▶ **TRY IT**
The records below are to be transcribed word for word.

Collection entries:

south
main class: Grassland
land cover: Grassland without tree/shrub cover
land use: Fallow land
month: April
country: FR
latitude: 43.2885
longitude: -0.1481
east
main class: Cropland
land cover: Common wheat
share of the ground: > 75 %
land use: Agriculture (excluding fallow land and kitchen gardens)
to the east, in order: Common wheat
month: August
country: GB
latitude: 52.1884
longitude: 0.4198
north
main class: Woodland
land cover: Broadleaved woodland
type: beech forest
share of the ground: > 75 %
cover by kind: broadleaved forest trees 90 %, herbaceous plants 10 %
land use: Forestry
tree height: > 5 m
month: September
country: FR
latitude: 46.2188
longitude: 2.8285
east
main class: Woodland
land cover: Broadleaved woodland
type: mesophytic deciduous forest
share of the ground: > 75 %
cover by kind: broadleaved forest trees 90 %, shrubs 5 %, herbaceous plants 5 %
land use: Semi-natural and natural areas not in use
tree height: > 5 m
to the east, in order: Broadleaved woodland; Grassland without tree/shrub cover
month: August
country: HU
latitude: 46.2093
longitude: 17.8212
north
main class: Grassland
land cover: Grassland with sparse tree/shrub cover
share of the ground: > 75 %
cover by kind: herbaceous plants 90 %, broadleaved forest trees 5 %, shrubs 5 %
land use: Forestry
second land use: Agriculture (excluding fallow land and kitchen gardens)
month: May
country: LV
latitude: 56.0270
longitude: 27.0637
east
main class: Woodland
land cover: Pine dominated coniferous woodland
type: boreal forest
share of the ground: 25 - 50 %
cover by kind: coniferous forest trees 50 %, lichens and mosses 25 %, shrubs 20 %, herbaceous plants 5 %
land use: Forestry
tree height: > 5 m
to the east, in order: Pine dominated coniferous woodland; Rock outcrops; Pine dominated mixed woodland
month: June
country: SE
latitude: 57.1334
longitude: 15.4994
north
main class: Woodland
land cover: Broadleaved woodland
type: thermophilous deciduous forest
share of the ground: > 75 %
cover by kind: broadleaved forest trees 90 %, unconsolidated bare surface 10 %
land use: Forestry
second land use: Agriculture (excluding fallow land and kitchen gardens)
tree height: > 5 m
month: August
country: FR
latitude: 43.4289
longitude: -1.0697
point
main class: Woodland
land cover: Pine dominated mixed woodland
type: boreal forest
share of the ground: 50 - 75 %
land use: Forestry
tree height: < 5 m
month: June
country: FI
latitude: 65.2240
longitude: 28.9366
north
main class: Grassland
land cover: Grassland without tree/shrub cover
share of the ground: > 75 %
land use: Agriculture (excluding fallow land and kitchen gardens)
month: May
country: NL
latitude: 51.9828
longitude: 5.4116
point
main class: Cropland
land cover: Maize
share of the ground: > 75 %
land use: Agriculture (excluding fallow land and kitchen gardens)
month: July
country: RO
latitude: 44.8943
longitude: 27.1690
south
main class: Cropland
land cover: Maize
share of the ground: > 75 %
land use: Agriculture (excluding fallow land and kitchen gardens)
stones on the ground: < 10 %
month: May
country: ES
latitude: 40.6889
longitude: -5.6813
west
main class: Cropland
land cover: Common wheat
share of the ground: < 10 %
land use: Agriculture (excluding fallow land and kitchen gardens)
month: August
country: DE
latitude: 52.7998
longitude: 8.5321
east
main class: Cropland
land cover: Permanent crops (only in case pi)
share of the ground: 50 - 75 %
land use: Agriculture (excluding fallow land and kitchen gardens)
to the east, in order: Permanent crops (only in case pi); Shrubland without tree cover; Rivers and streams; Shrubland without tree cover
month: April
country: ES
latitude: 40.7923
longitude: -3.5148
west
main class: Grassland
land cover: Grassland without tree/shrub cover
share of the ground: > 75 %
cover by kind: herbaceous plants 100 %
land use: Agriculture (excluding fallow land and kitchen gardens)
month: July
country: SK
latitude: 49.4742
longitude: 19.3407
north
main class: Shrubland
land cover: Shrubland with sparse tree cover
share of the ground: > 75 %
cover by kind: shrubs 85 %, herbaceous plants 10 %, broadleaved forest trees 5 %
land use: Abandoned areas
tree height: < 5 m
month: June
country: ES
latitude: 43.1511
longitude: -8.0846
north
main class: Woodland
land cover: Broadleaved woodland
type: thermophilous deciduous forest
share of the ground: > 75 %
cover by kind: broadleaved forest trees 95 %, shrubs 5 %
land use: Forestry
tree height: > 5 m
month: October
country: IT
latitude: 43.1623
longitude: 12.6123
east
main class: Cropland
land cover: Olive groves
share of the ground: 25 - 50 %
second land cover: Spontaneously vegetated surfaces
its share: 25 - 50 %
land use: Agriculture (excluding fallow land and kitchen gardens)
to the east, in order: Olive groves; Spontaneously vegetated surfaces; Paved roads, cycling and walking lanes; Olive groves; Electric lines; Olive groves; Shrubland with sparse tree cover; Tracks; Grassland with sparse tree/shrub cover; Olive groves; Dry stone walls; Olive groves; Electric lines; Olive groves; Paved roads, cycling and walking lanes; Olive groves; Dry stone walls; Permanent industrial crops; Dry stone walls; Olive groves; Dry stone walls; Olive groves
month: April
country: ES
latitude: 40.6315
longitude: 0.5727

▶ **RESPONSE**
south
main class: Grassland
land cover: Grassland without tree/shrub cover
land use: Fallow land
month: April
country: FR
latitude: 43.2885
longitude: -0.1481
east
main class: Cropland
land cover: Common wheat
share of the ground: > 75 %
land use: Agriculture (excluding fallow land and kitchen gardens)
to the east, in order: Common wheat
month: August
country: GB
latitude: 52.1884
longitude: 0.4198
north
main class: Woodland
land cover: Broadleaved woodland
type: beech forest
share of the ground: > 75 %
cover by kind: broadleaved forest trees 90 %, herbaceous plants 10 %
land use: Forestry
tree height: > 5 m
month: September
country: FR
latitude: 46.2188
longitude: 2.8285
east
main class: Woodland
land cover: Broadleaved woodland
type: mesophytic deciduous forest
share of the ground: > 75 %
cover by kind: broadleaved forest trees 90 %, shrubs 5 %, herbaceous plants 5 %
land use: Semi-natural and natural areas not in use
tree height: > 5 m
to the east, in order: Broadleaved woodland; Grassland without tree/shrub cover
month: August
country: HU
latitude: 46.2093
longitude: 17.8212
north
main class: Grassland
land cover: Grassland with sparse tree/shrub cover
share of the ground: > 75 %
cover by kind: herbaceous plants 90 %, broadleaved forest trees 5 %, shrubs 5 %
land use: Forestry
second land use: Agriculture (excluding fallow land and kitchen gardens)
month: May
country: LV
latitude: 56.0270
longitude: 27.0637
east
main class: Woodland
land cover: Pine dominated coniferous woodland
type: boreal forest
share of the ground: 25 - 50 %
cover by kind: coniferous forest trees 50 %, lichens and mosses 25 %, shrubs 20 %, herbaceous plants 5 %
land use: Forestry
tree height: > 5 m
to the east, in order: Pine dominated coniferous woodland; Rock outcrops; Pine dominated mixed woodland
month: June
country: SE
latitude: 57.1334
longitude: 15.4994
north
main class: Woodland
land cover: Broadleaved woodland
type: thermophilous deciduous forest
share of the ground: > 75 %
cover by kind: broadleaved forest trees 90 %, unconsolidated bare surface 10 %
land use: Forestry
second land use: Agriculture (excluding fallow land and kitchen gardens)
tree height: > 5 m
month: August
country: FR
latitude: 43.4289
longitude: -1.0697
point
main class: Woodland
land cover: Pine dominated mixed woodland
type: boreal forest
share of the ground: 50 - 75 %
land use: Forestry
tree height: < 5 m
month: June
country: FI
latitude: 65.2240
longitude: 28.9366
north
main class: Grassland
land cover: Grassland without tree/shrub cover
share of the ground: > 75 %
land use: Agriculture (excluding fallow land and kitchen gardens)
month: May
country: NL
latitude: 51.9828
longitude: 5.4116
point
main class: Cropland
land cover: Maize
share of the ground: > 75 %
land use: Agriculture (excluding fallow land and kitchen gardens)
month: July
country: RO
latitude: 44.8943
longitude: 27.1690
south
main class: Cropland
land cover: Maize
share of the ground: > 75 %
land use: Agriculture (excluding fallow land and kitchen gardens)
stones on the ground: < 10 %
month: May
country: ES
latitude: 40.6889
longitude: -5.6813
west
main class: Cropland
land cover: Common wheat
share of the ground: < 10 %
land use: Agriculture (excluding fallow land and kitchen gardens)
month: August
country: DE
latitude: 52.7998
longitude: 8.5321
east
main class: Cropland
land cover: Permanent crops (only in case pi)
share of the ground: 50 - 75 %
land use: Agriculture (excluding fallow land and kitchen gardens)
to the east, in order: Permanent crops (only in case pi); Shrubland without tree cover; Rivers and streams; Shrubland without tree cover
month: April
country: ES
latitude: 40.7923
longitude: -3.5148
west
main class: Grassland
land cover: Grassland without tree/shrub cover
share of the ground: > 75 %
cover by kind: herbaceous plants 100 %
land use: Agriculture (excluding fallow land and kitchen gardens)
month: July
country: SK
latitude: 49.4742
longitude: 19.3407
north
main class: Shrubland
land cover: Shrubland with sparse tree cover
share of the ground: > 75 %
cover by kind: shrubs 85 %, herbaceous plants 10 %, broadleaved forest trees 5 %
land use: Abandoned areas
tree height: < 5 m
month: June
country: ES
latitude: 43.1511
longitude: -8.0846
north
main class: Woodland
land cover: Broadleaved woodland
type: thermophilous deciduous forest
share of the ground: > 75 %
cover by kind: broadleaved forest trees 95 %, shrubs 5 %
land use: Forestry
tree height: > 5 m
month: October
country: IT
latitude: 43.1623
longitude: 12.6123
east
main class: Cropland
land cover: Olive groves
share of the ground: 25 - 50 %
second land cover: Spontaneously vegetated surfaces
its share: 25 - 50 %
land use: Agriculture (excluding fallow land and kitchen gardens)
to the east, in order: Olive groves; Spontaneously vegetated surfaces; Paved roads, cycling and walking lanes; Olive groves; Electric lines; Olive groves; Shrubland with sparse tree cover; Tracks; Grassland with sparse tree/shrub cover; Olive groves; Dry stone walls; Olive groves; Electric lines; Olive groves; Paved roads, cycling and walking lanes; Olive groves; Dry stone walls; Permanent industrial crops; Dry stone walls; Olive groves; Dry stone walls; Olive groves
month: April
country: ES
latitude: 40.6315
longitude: 0.5727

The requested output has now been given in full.